Above: the “spiedo bresciano” plated (image via Marco Lazzaroni’s Flickr, Creative Commons). Note the potato slices.
Today, the DE.CO. (the denominazione comunale or official local designation requires that the dish be comprised of birds, pork ribs, pork shoulder, and/or pork loin that has been cooked on a spit — called a ranfia locally — that has been turned over low heat for many hours. The preparation is known as spiedutura and it consists in alternating the various meats (the prese) in a uniform manner on the skewer.
Usually, the first ingredient to be skewered is a potato slice. Sage leaves are arranged between each ingredient and inside the pieces of meat. Fatty meat is arranged close to the fowl in order to keep the birds soft and to keep them from becoming dry during the cooking process. The ingredients are never squeezed or pressed on one another. They are simply arranged on the skewer in a uniform manner in order to ensure that they cook evenly.
Above: the “Spiedo Bresciano Atlas” (image via Made in Brescia).
Traditionally, the meats are cooked very slowly, for at least four hours. This guarantees that they will be tender but fully cooked. Specially built, broad ovens are used to cook this dish. They consist of a mounted rotating drum, with a source of heat below and a hood with holes above that extends over the entire length of the oven.
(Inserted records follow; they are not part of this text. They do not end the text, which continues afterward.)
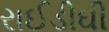
રાઈડીઘી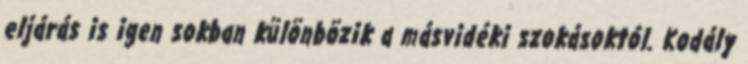
eljárás is igen sokban különbözik a másvidéki szokásoktól. Kodály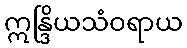
ဣန္ဒြိယသံဝရာယ

Wood can be used to fire the oven, including olive wood or grape vines. Charcoal can also be used. Although electric-fired rotisserie ovens do exist, they are typically considered an inferior cooking method with respect to flame-fired rotisserie.
During cooking, the skewers are basted and dressed with a mixture of rendered butter and lard and salt that is reserved in a tub beneath the oven. The mixture is distributed constantly on the hood above so that it can drip evenly on the roasting meat below.